Adversarial RAG chunks: “SOURCES” that contain malicious instructions or fake citations.
Confusing queries: ambiguous questions that should trigger clarification.
Safety edge cases: requests that should be refused or escalated.

When you see a real-world failure, add it to the fuzz corpus. Over time this becomes a powerful regression suite.

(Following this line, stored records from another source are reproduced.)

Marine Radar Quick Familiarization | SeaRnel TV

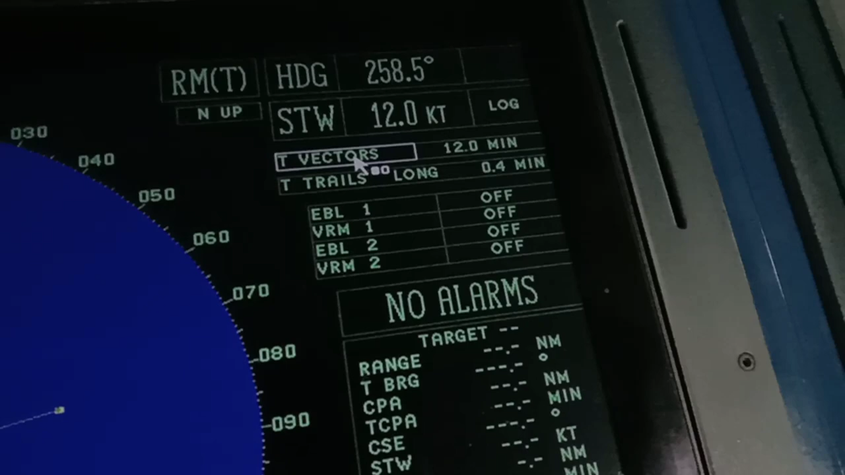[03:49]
So EVL, if you have an electric bearing line.
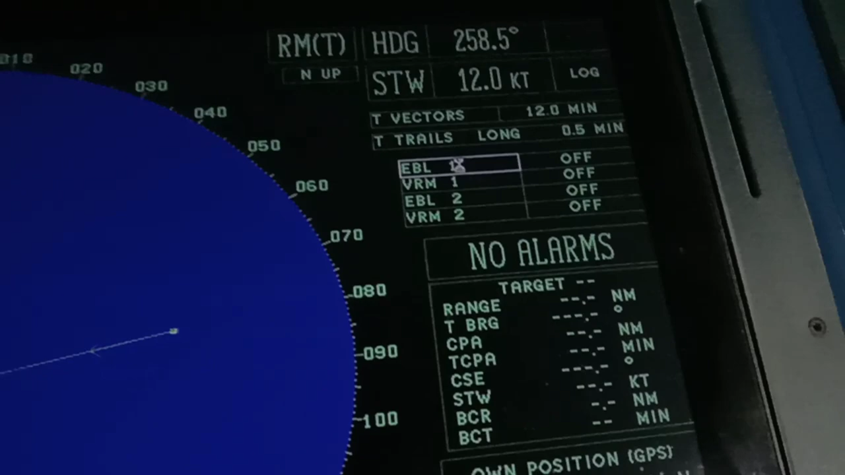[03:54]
So this use, very important, the EVL, guys, because you can easily figure out the bearing. If, for example, which the bezel will pass on your half or in your forward. So that's the use of the VL, VRM, the variable range, guys.
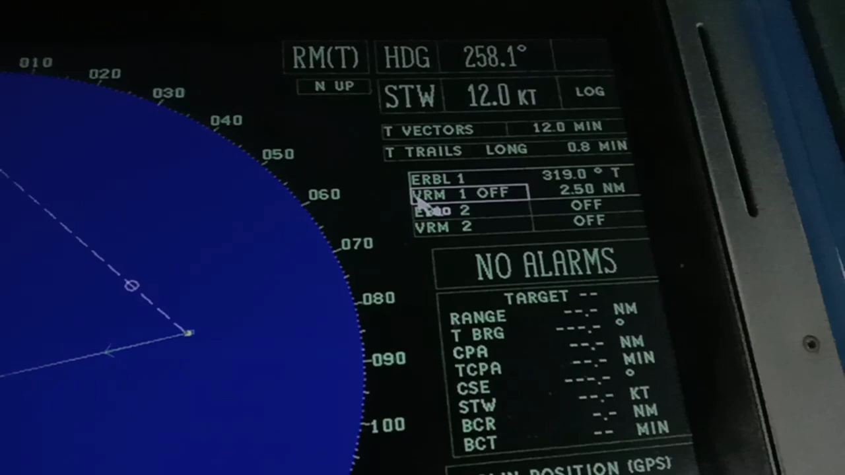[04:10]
So now, here, since we have no target,
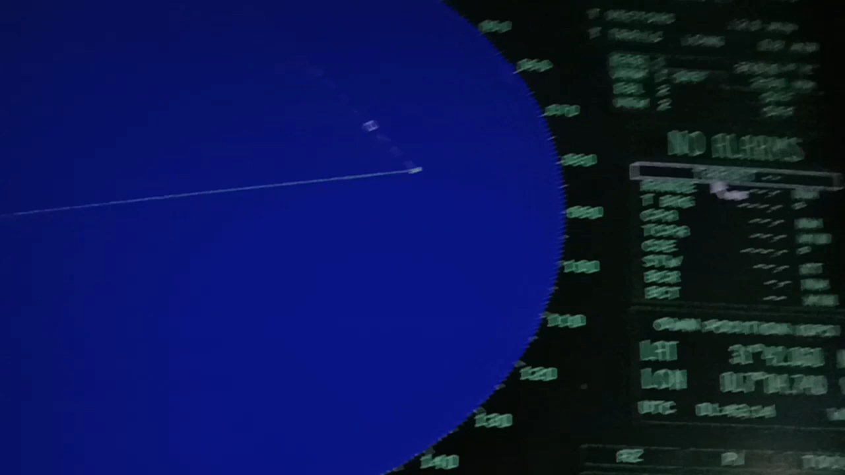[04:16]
if you have a target, just press like this. And it will show to you the information in here.
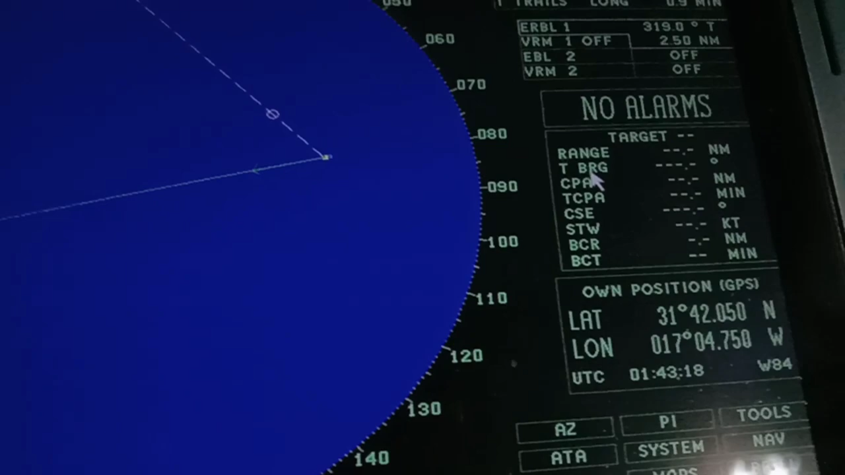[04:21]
The range, the true bearing, the CPE, time closest point of approach,
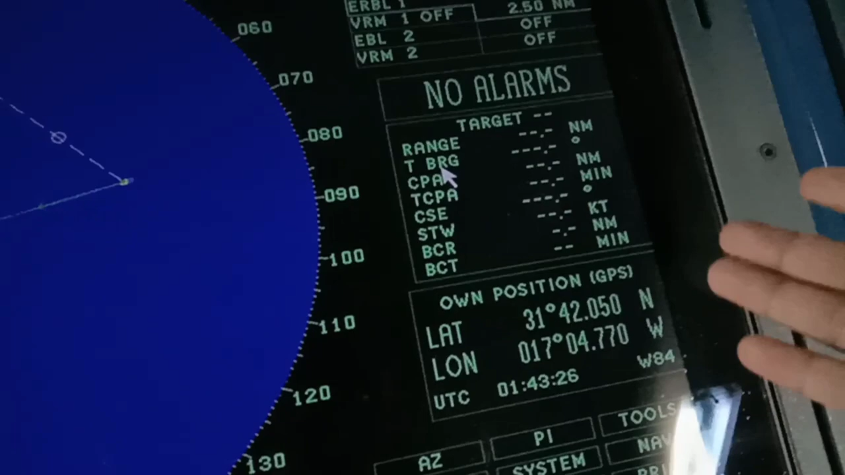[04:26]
the course, the speed to the water, the bow crossing range, and bow crossing times.
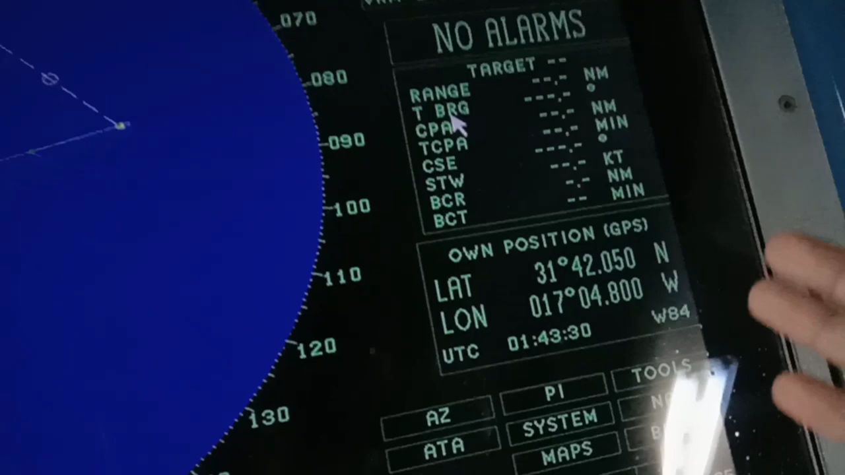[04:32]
So, if you click on one target, one bezel, it will give you all the information in here.
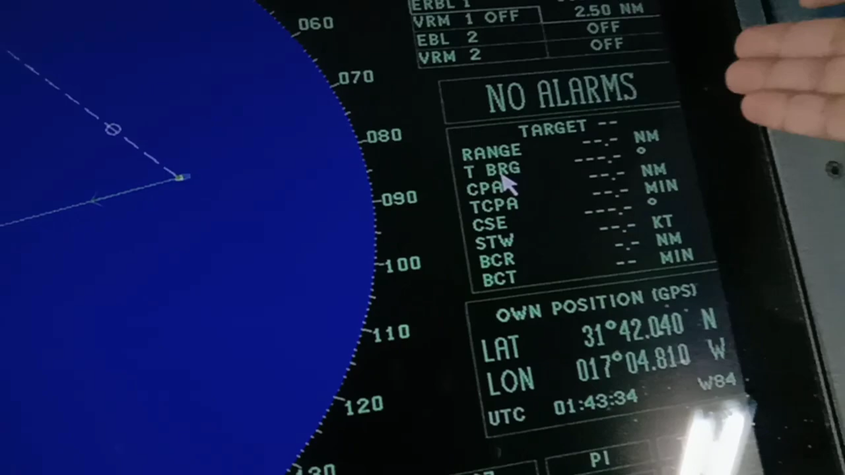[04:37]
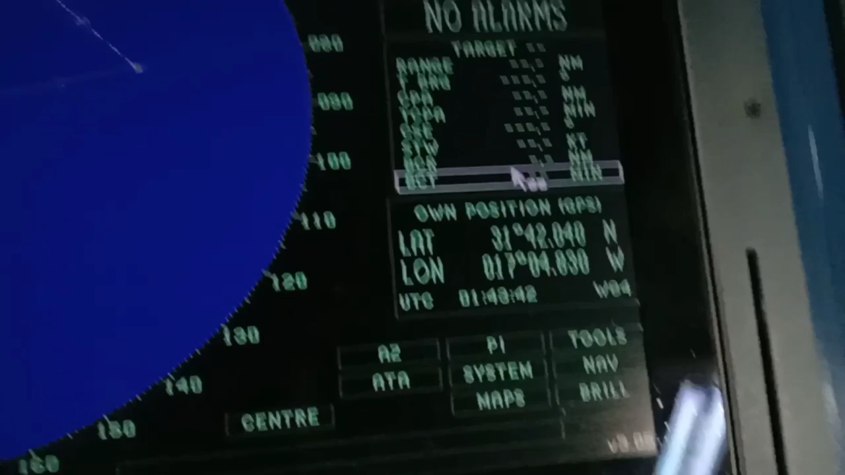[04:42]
So, on position, guys, as you can see, you're on position, the UTC time, and the AZ.
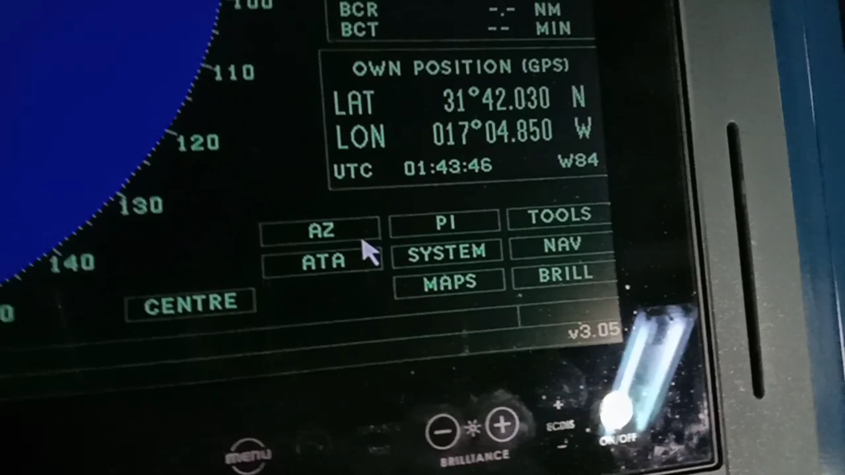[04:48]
This AZ, guys, it's like a guard zone, the PI, the tools.
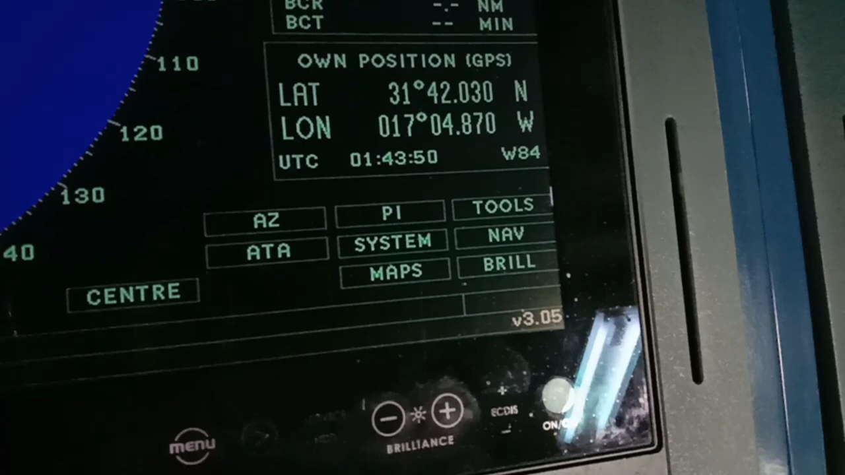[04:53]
To change from night mode to day mode, you just press this brilliance.
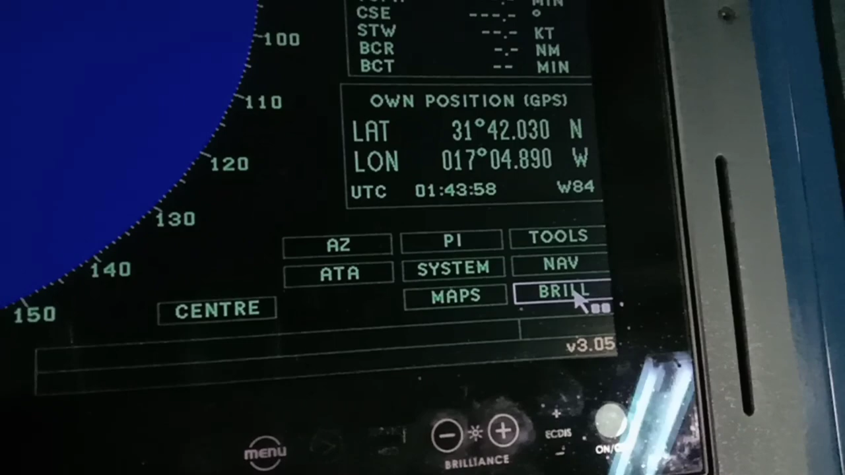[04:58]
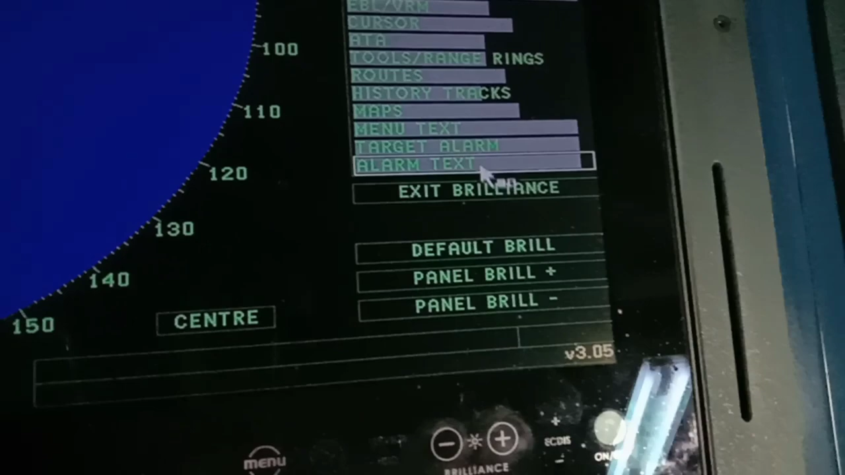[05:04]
Oh, exit, brilliance. Just right click and night.
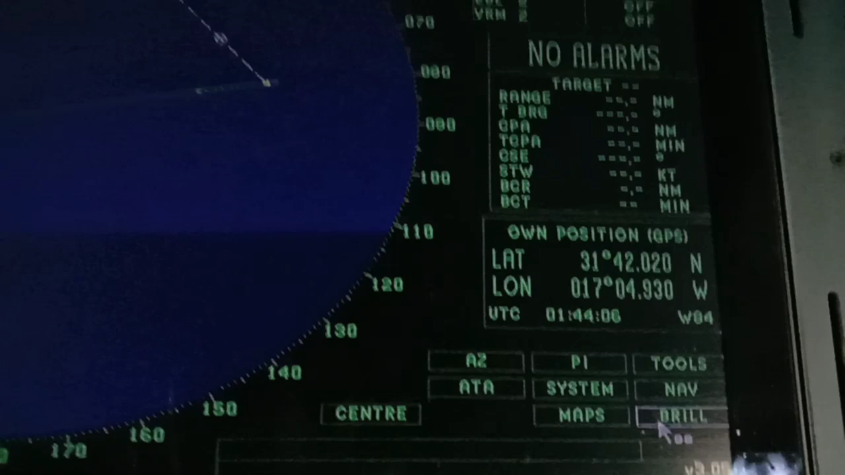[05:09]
So, you see the difference.
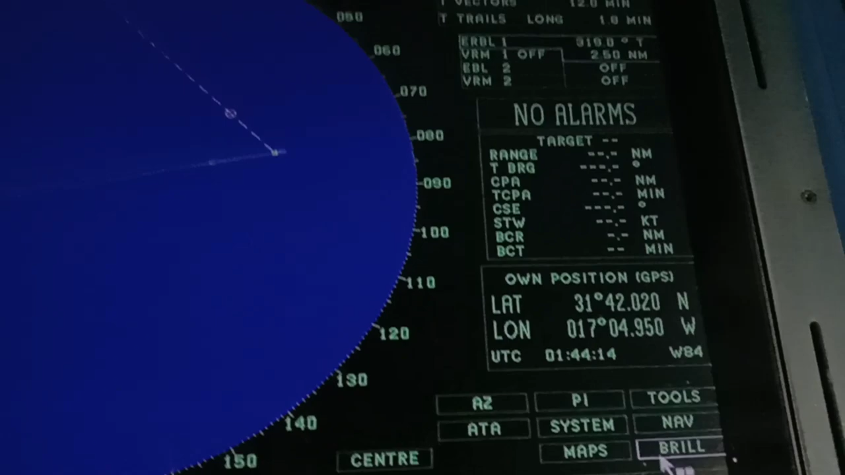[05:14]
So, this is normally the reader, guys.
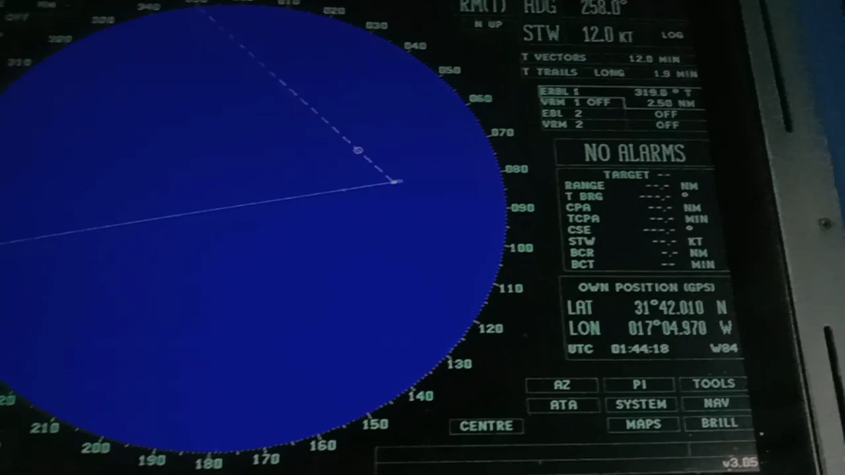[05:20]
So, if you are really on board, you can easily familiarize it well.
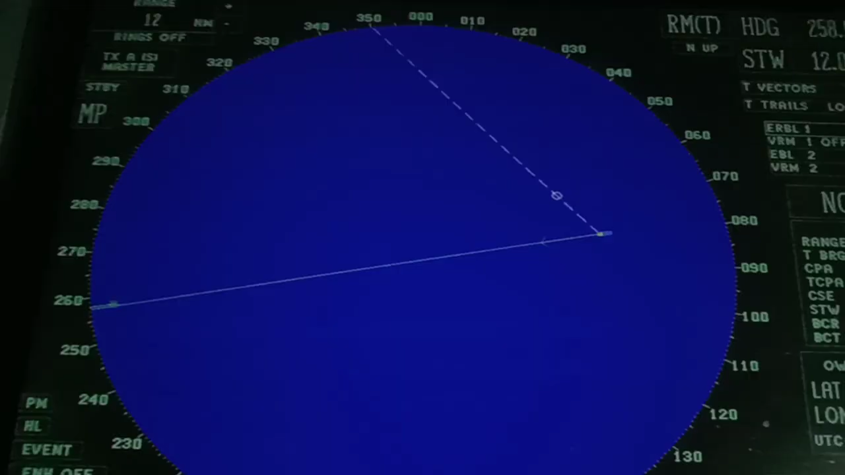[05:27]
So, now, since it's S-band,
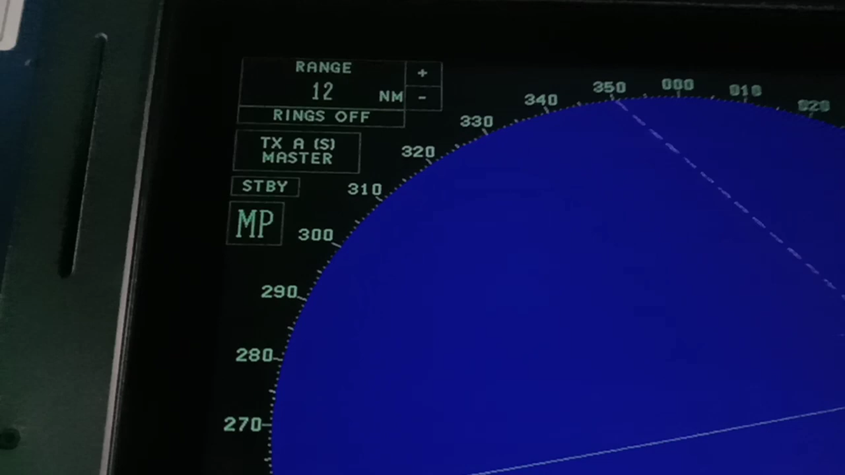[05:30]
let's also go to X-band. So, guys, as you can see, it's X-band. So, they have the same functions. It just only happened that they have different frequency. So, this is the X-band, guys. So, at this moment, I'm switching on the two readers, the X-band and the X-band.
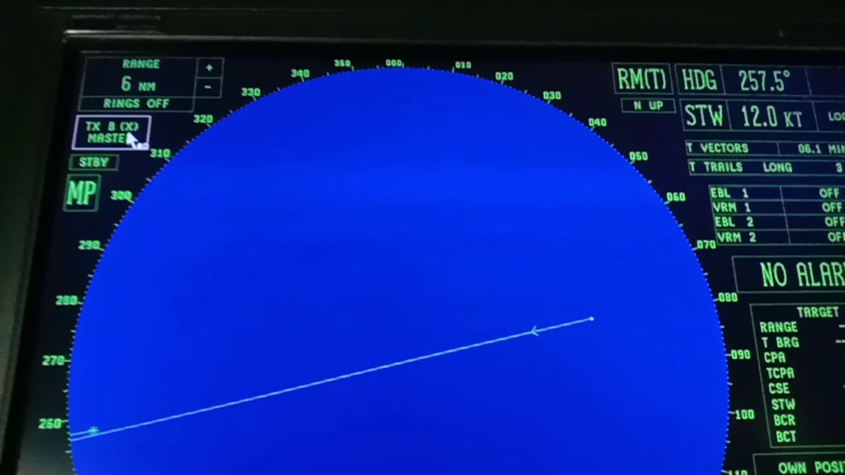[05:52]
So, they have the same functions, only they have different frequency. So, that's all, guys.

Treat fuzz corpus like a security artifact

Don’t let it become a random pile. Tag cases by threat type (injection, parsing, leakage, overload) so you can see coverage.

Your fuzz tests should assert safety and stability properties:

No crashes: system does not throw unhandled exceptions.
No leaks: outputs and logs do not contain secrets or restricted content.
Contract adherence: outputs are validated or safely rejected.
Budget adherence: timeouts, max retries, and context caps are enforced.
Proper routing: refused/restricted/not_found/needs_clarification states are triggered appropriately.

Start with deterministic layers: validators, parsers, prompt builders.
Add a small fuzz corpus: 25–100 cases.
Run in CI: quick and bounded.
When a bug occurs: reduce to a minimal failing case and add it to the corpus.
Periodically expand: new injection patterns and new “weird” formats.

If you fuzz the live model output, make it a separate job (slower, flaky, and expensive). Keep your core fuzz suite deterministic.